In quantum mechanics, both the expectation value and the value obtained using quantum operators provide information about physical observables of a quantum system, but they represent different quantities and serve different purposes.
- Expectation Value: The expectation value of an observable in quantum mechanics represents the average value one would expect to measure if the same observable were measured repeatedly on an ensemble of identically prepared quantum systems. Mathematically, the expectation value of an observable A is given by the expression ⟨A⟩ = ⟨ψ|A|ψ⟩, where |ψ⟩ represents the state of the quantum system and A is the corresponding quantum operator.

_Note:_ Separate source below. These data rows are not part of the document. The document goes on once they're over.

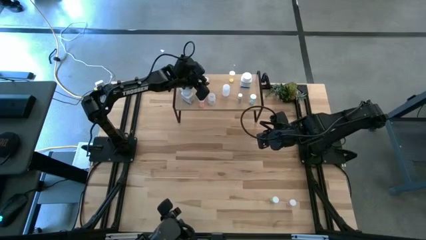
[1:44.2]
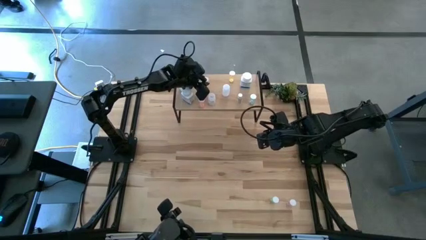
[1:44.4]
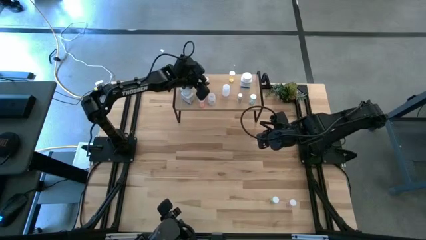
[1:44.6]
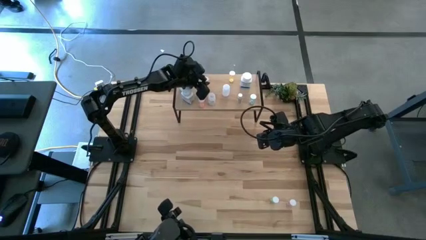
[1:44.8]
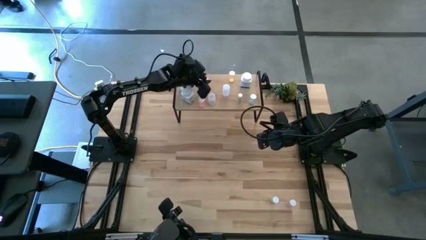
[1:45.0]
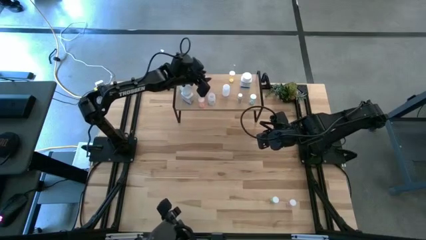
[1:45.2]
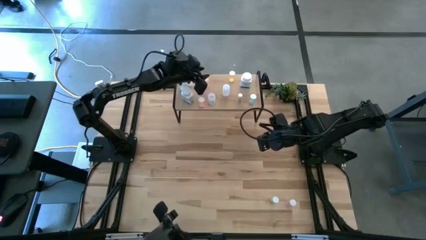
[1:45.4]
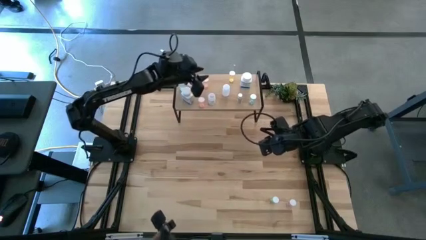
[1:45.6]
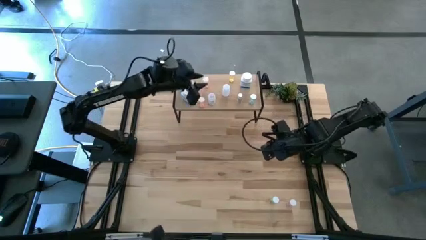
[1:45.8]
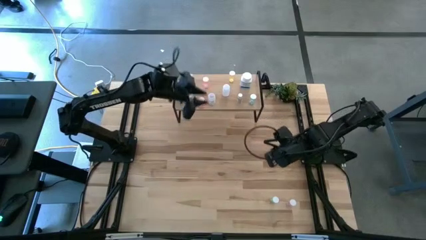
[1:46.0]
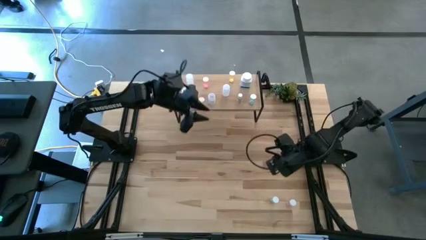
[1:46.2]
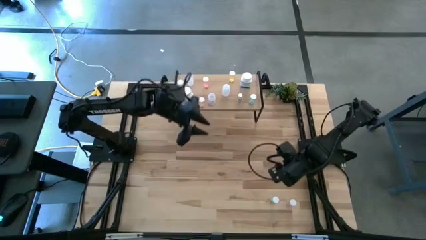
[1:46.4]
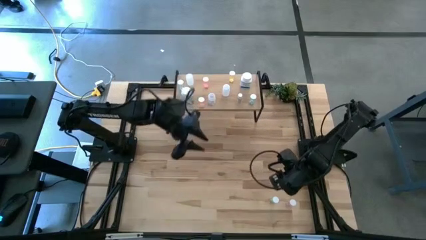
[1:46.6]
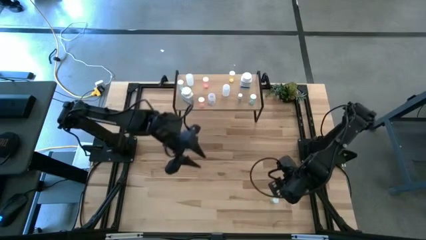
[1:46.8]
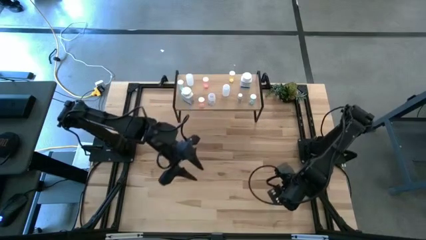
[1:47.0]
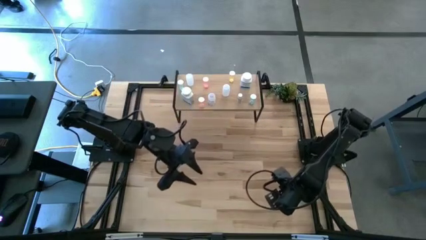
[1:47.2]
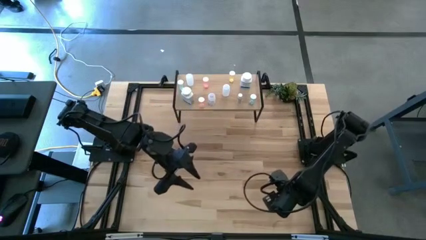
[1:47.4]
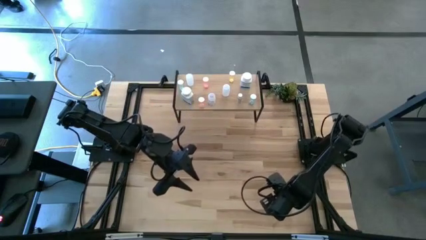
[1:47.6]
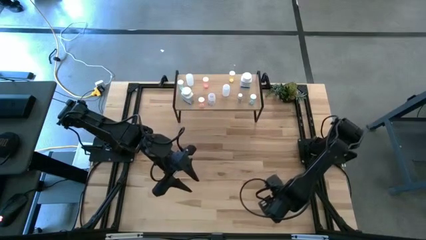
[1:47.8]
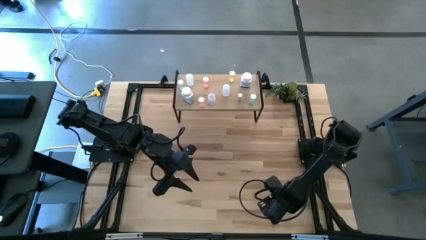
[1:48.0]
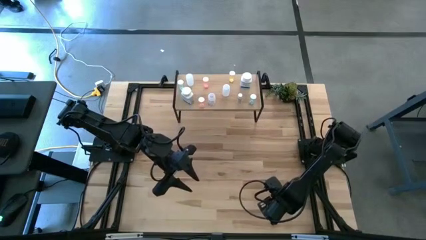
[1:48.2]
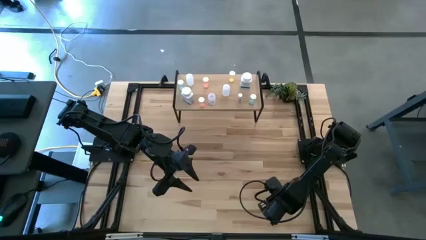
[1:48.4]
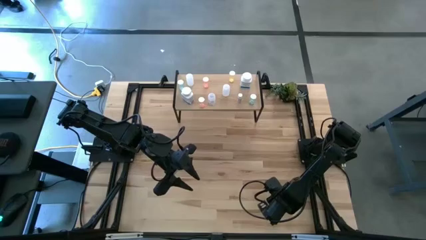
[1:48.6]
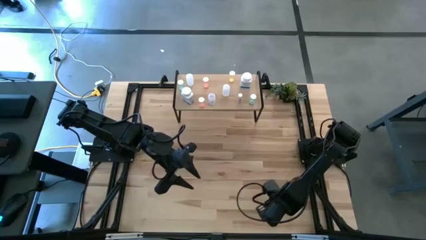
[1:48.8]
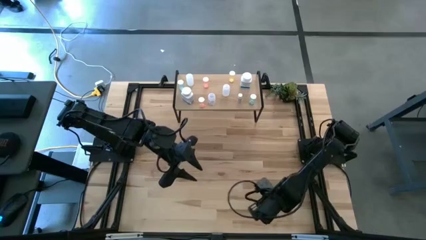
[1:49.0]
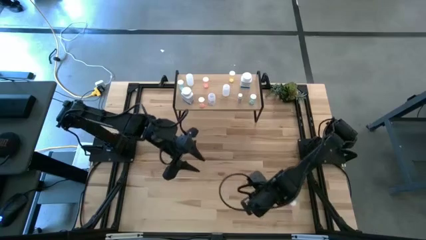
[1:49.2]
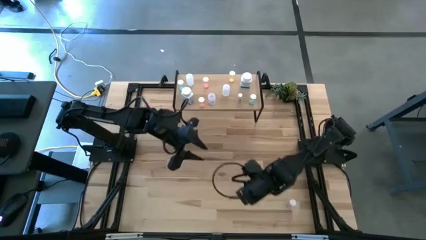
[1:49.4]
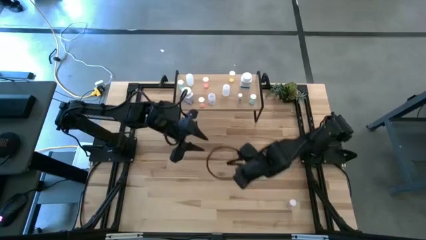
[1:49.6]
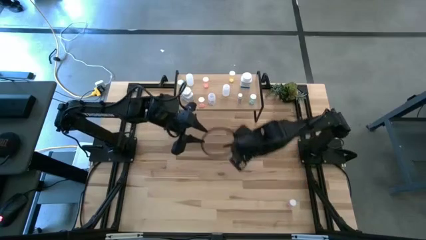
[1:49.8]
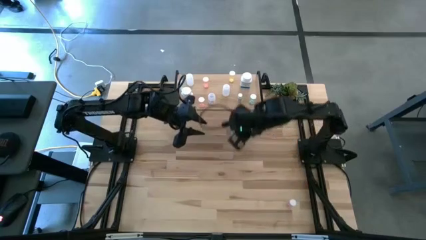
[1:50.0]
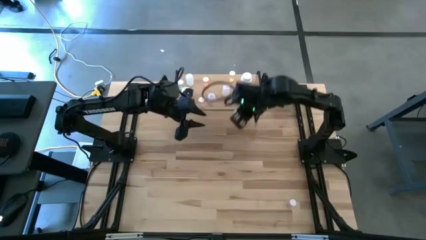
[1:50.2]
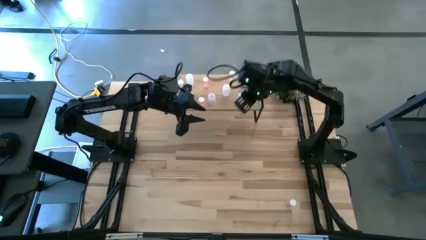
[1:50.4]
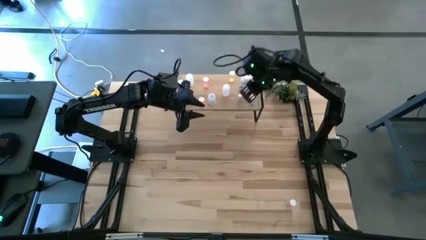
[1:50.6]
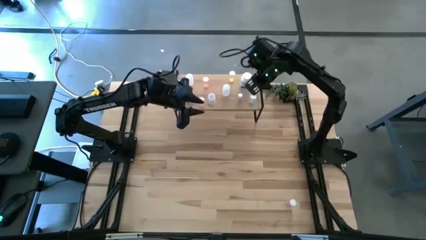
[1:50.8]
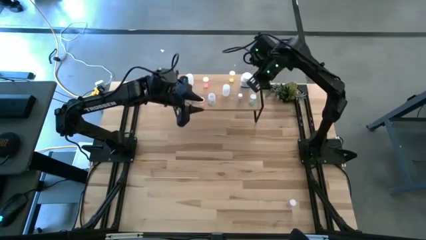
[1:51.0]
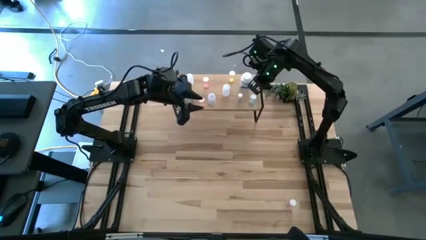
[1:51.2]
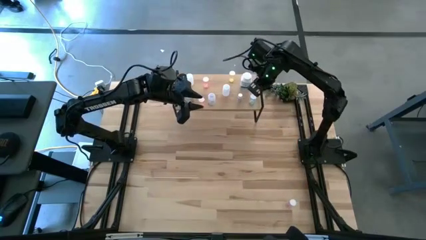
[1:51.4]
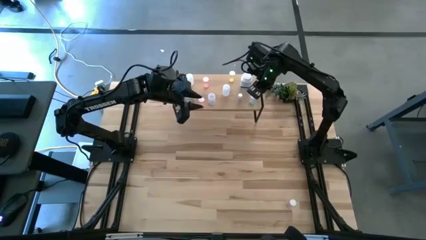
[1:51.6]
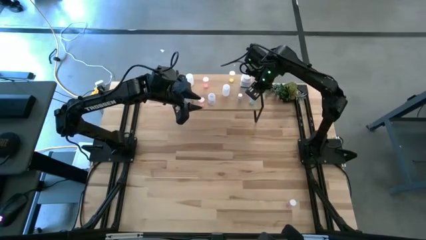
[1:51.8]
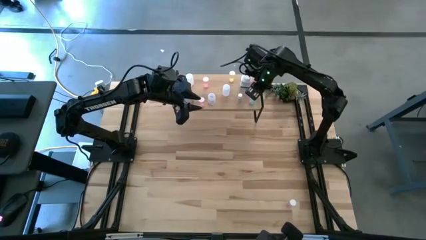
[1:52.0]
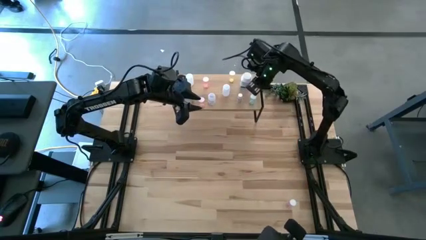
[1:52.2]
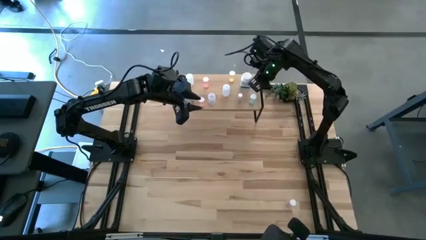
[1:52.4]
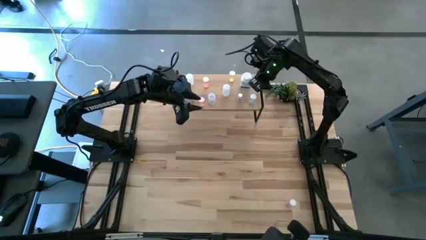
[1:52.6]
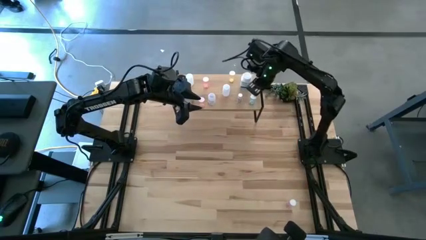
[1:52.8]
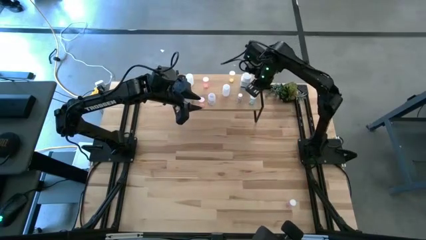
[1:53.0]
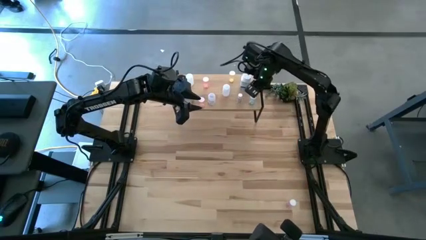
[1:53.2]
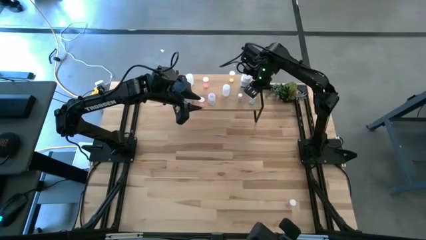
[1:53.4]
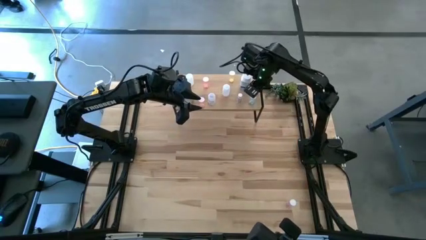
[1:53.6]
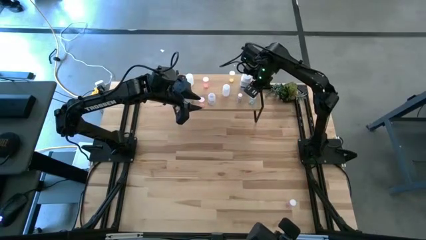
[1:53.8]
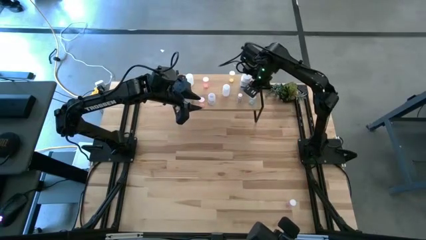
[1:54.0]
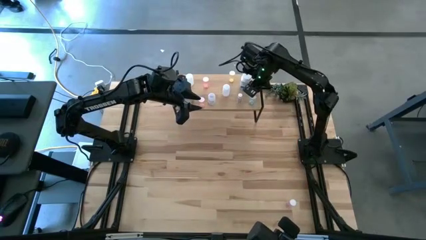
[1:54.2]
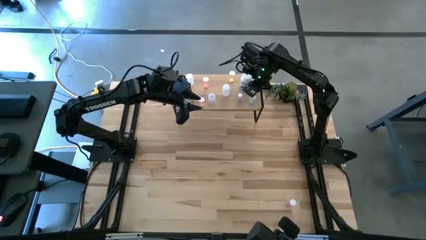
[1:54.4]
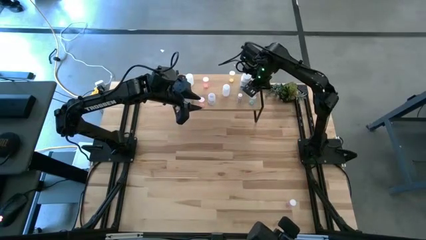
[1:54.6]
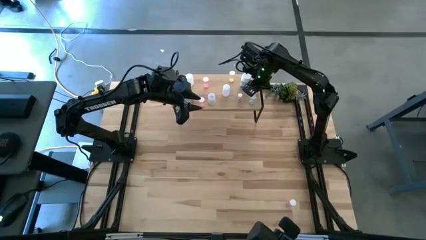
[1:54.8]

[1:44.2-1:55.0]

The expectation value provides a probabilistic prediction of the measurement outcome and takes into account the underlying quantum state. It gives the average value of a measurement that can be obtained when measuring the observable multiple times on identically prepared systems.
- Value using Quantum Operators: On the other hand, the value obtained using quantum operators represents the result of applying the corresponding operator directly to a quantum state. If |ψ⟩ is the state of the system and A is an observable, then applying the quantum operator A to the state yields a new state given by A|ψ⟩.
The value obtained using quantum operators provides information about the state resulting from the application of the operator to the given quantum state. It describes a particular outcome corresponding to the application of the operator to the state, rather than an average or probabilistic prediction.
In summary, the expectation value gives the average value of a measurement obtained by repeatedly measuring the observable on identically prepared systems, taking into account the quantum state. On the other hand, the value obtained using quantum operators represents the specific outcome resulting from the application of the operator to a given quantum state, without considering statistical averages.